● **What is required**: Retype every line of the data below, starting with the first and ending with the line that contains "#31469 = CARTESIAN_POINT('',(-69.911,175.991,-50.));", but leave out the pictures.
[Input records Boundary: Start]
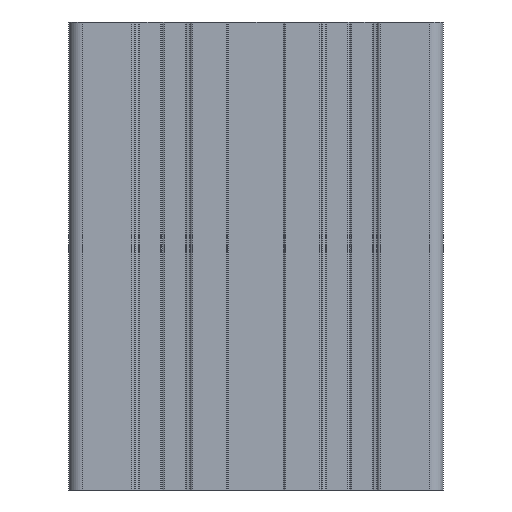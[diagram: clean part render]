
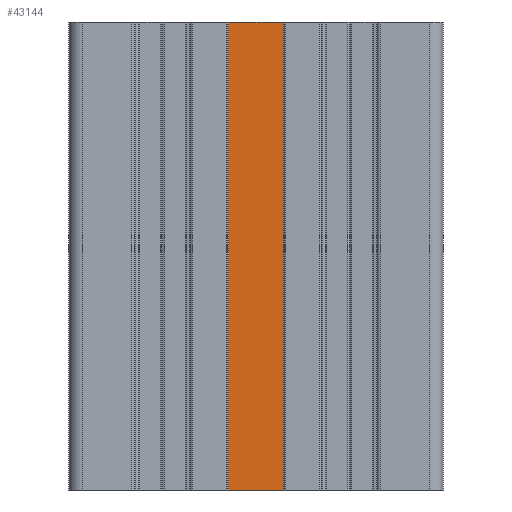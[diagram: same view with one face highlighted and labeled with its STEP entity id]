
A CAD part, front view. The second image highlights one B-rep face of the part: STEP entity #43144.
In plain terms, the highlighted planar face has unit normal (0, -1, 0).
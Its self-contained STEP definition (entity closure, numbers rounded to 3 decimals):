
#72 = PLANE('',#73);
#73 = AXIS2_PLACEMENT_3D('',#74,#75,#76);
#74 = CARTESIAN_POINT('',(-75.711,215.191,-50.));
#75 = DIRECTION('',(0.,0.,1.));
#76 = DIRECTION('',(1.,0.,-0.));
#126 = PLANE('',#127);
#127 = AXIS2_PLACEMENT_3D('',#128,#129,#130);
#128 = CARTESIAN_POINT('',(-75.711,215.191,50.));
#129 = DIRECTION('',(0.,0.,1.));
#130 = DIRECTION('',(1.,0.,-0.));
#31468 = VERTEX_POINT('',#31469);
#31469 = CARTESIAN_POINT('',(-69.911,175.991,-50.));
#31484 = CYLINDRICAL_SURFACE('',#31485,0.2);
#31485 = AXIS2_PLACEMENT_3D('',#31486,#31487,#31488);
#31486 = CARTESIAN_POINT('',(-69.911,175.791,0.));
#31487 = DIRECTION('',(0.,0.,1.));
#31488 = DIRECTION('',(1.,0.,-0.));
#31496 = EDGE_CURVE('',#31468,#31497,#31499,.T.);
#31497 = VERTEX_POINT('',#31498);
#31498 = CARTESIAN_POINT('',(-81.511,175.991,-50.));
#31499 = SURFACE_CURVE('',#31500,(#31504,#31511),.PCURVE_S1.);
#31500 = LINE('',#31501,#31502);
#31501 = CARTESIAN_POINT('',(-69.911,175.991,-50.));
#31502 = VECTOR('',#31503,1.);
#31503 = DIRECTION('',(-1.,0.,0.));
#31504 = PCURVE('',#72,#31505);
#31505 = DEFINITIONAL_REPRESENTATION('',(#31506),#31510);
#31506 = LINE('',#31507,#31508);
#31507 = CARTESIAN_POINT('',(5.8,-39.2));
#31508 = VECTOR('',#31509,1.);
#31509 = DIRECTION('',(-1.,0.));
#31510 = ( GEOMETRIC_REPRESENTATION_CONTEXT(2) 
PARAMETRIC_REPRESENTATION_CONTEXT() REPRESENTATION_CONTEXT('2D SPACE',''
  ) );
#31511 = PCURVE('',#31512,#31517);
#31512 = PLANE('',#31513);
#31513 = AXIS2_PLACEMENT_3D('',#31514,#31515,#31516);
#31514 = CARTESIAN_POINT('',(-81.511,175.991,0.));
#31515 = DIRECTION('',(0.,-1.,0.));
#31516 = DIRECTION('',(1.,0.,0.));
#31517 = DEFINITIONAL_REPRESENTATION('',(#31518),#31522);
#31518 = LINE('',#31519,#31520);
#31519 = CARTESIAN_POINT('',(11.6,-50.));
#31520 = VECTOR('',#31521,1.);
#31521 = DIRECTION('',(-1.,0.));
#31522 = ( GEOMETRIC_REPRESENTATION_CONTEXT(2) 
PARAMETRIC_REPRESENTATION_CONTEXT() REPRESENTATION_CONTEXT('2D SPACE',''
  ) );
#31541 = CYLINDRICAL_SURFACE('',#31542,0.2);
#31542 = AXIS2_PLACEMENT_3D('',#31543,#31544,#31545);
#31543 = CARTESIAN_POINT('',(-81.511,175.791,0.));
#31544 = DIRECTION('',(0.,0.,1.));
#31545 = DIRECTION('',(0.,1.,-0.));
#43095 = EDGE_CURVE('',#43096,#31468,#43098,.T.);
#43096 = VERTEX_POINT('',#43097);
#43097 = CARTESIAN_POINT('',(-69.911,175.991,50.));
#43098 = SURFACE_CURVE('',#43099,(#43103,#43110),.PCURVE_S1.);
#43099 = LINE('',#43100,#43101);
#43100 = CARTESIAN_POINT('',(-69.911,175.991,0.));
#43101 = VECTOR('',#43102,1.);
#43102 = DIRECTION('',(0.,0.,-1.));
#43103 = PCURVE('',#31484,#43104);
#43104 = DEFINITIONAL_REPRESENTATION('',(#43105),#43109);
#43105 = LINE('',#43106,#43107);
#43106 = CARTESIAN_POINT('',(1.571,0.));
#43107 = VECTOR('',#43108,1.);
#43108 = DIRECTION('',(0.,-1.));
#43109 = ( GEOMETRIC_REPRESENTATION_CONTEXT(2) 
PARAMETRIC_REPRESENTATION_CONTEXT() REPRESENTATION_CONTEXT('2D SPACE',''
  ) );
#43110 = PCURVE('',#31512,#43111);
#43111 = DEFINITIONAL_REPRESENTATION('',(#43112),#43116);
#43112 = LINE('',#43113,#43114);
#43113 = CARTESIAN_POINT('',(11.6,0.));
#43114 = VECTOR('',#43115,1.);
#43115 = DIRECTION('',(0.,-1.));
#43116 = ( GEOMETRIC_REPRESENTATION_CONTEXT(2) 
PARAMETRIC_REPRESENTATION_CONTEXT() REPRESENTATION_CONTEXT('2D SPACE',''
  ) );
#43144 = ADVANCED_FACE('',(#43145),#31512,.T.);
#43145 = FACE_BOUND('',#43146,.T.);
#43146 = EDGE_LOOP('',(#43147,#43148,#43171,#43192));
#43147 = ORIENTED_EDGE('',*,*,#43095,.F.);
#43148 = ORIENTED_EDGE('',*,*,#43149,.F.);
#43149 = EDGE_CURVE('',#43150,#43096,#43152,.T.);
#43150 = VERTEX_POINT('',#43151);
#43151 = CARTESIAN_POINT('',(-81.511,175.991,50.));
#43152 = SURFACE_CURVE('',#43153,(#43157,#43164),.PCURVE_S1.);
#43153 = LINE('',#43154,#43155);
#43154 = CARTESIAN_POINT('',(-75.711,175.991,50.));
#43155 = VECTOR('',#43156,1.);
#43156 = DIRECTION('',(1.,0.,0.));
#43157 = PCURVE('',#31512,#43158);
#43158 = DEFINITIONAL_REPRESENTATION('',(#43159),#43163);
#43159 = LINE('',#43160,#43161);
#43160 = CARTESIAN_POINT('',(5.8,50.));
#43161 = VECTOR('',#43162,1.);
#43162 = DIRECTION('',(1.,0.));
#43163 = ( GEOMETRIC_REPRESENTATION_CONTEXT(2) 
PARAMETRIC_REPRESENTATION_CONTEXT() REPRESENTATION_CONTEXT('2D SPACE',''
  ) );
#43164 = PCURVE('',#126,#43165);
#43165 = DEFINITIONAL_REPRESENTATION('',(#43166),#43170);
#43166 = LINE('',#43167,#43168);
#43167 = CARTESIAN_POINT('',(0.,-39.2));
#43168 = VECTOR('',#43169,1.);
#43169 = DIRECTION('',(1.,0.));
#43170 = ( GEOMETRIC_REPRESENTATION_CONTEXT(2) 
PARAMETRIC_REPRESENTATION_CONTEXT() REPRESENTATION_CONTEXT('2D SPACE',''
  ) );
#43171 = ORIENTED_EDGE('',*,*,#43172,.T.);
#43172 = EDGE_CURVE('',#43150,#31497,#43173,.T.);
#43173 = SURFACE_CURVE('',#43174,(#43178,#43185),.PCURVE_S1.);
#43174 = LINE('',#43175,#43176);
#43175 = CARTESIAN_POINT('',(-81.511,175.991,0.));
#43176 = VECTOR('',#43177,1.);
#43177 = DIRECTION('',(0.,0.,-1.));
#43178 = PCURVE('',#31512,#43179);
#43179 = DEFINITIONAL_REPRESENTATION('',(#43180),#43184);
#43180 = LINE('',#43181,#43182);
#43181 = CARTESIAN_POINT('',(0.,0.));
#43182 = VECTOR('',#43183,1.);
#43183 = DIRECTION('',(0.,-1.));
#43184 = ( GEOMETRIC_REPRESENTATION_CONTEXT(2) 
PARAMETRIC_REPRESENTATION_CONTEXT() REPRESENTATION_CONTEXT('2D SPACE',''
  ) );
#43185 = PCURVE('',#31541,#43186);
#43186 = DEFINITIONAL_REPRESENTATION('',(#43187),#43191);
#43187 = LINE('',#43188,#43189);
#43188 = CARTESIAN_POINT('',(0.,0.));
#43189 = VECTOR('',#43190,1.);
#43190 = DIRECTION('',(0.,-1.));
#43191 = ( GEOMETRIC_REPRESENTATION_CONTEXT(2) 
PARAMETRIC_REPRESENTATION_CONTEXT() REPRESENTATION_CONTEXT('2D SPACE',''
  ) );
#43192 = ORIENTED_EDGE('',*,*,#31496,.F.);
[Input records Boundary: End]
● **Task answer**:
[diagram: clean part render]
[diagram: same view with one face highlighted and labeled with its STEP entity id]
A CAD part, front view. The second image highlights one B-rep face of the part: STEP entity #43144.
In plain terms, the highlighted planar face has unit normal (0, -1, 0).
Its self-contained STEP definition (entity closure, numbers rounded to 3 decimals):
#72 = PLANE('',#73);
#73 = AXIS2_PLACEMENT_3D('',#74,#75,#76);
#74 = CARTESIAN_POINT('',(-75.711,215.191,-50.));
#75 = DIRECTION('',(0.,0.,1.));
#76 = DIRECTION('',(1.,0.,-0.));
#126 = PLANE('',#127);
#127 = AXIS2_PLACEMENT_3D('',#128,#129,#130);
#128 = CARTESIAN_POINT('',(-75.711,215.191,50.));
#129 = DIRECTION('',(0.,0.,1.));
#130 = DIRECTION('',(1.,0.,-0.));
#31468 = VERTEX_POINT('',#31469);
#31469 = CARTESIAN_POINT('',(-69.911,175.991,-50.));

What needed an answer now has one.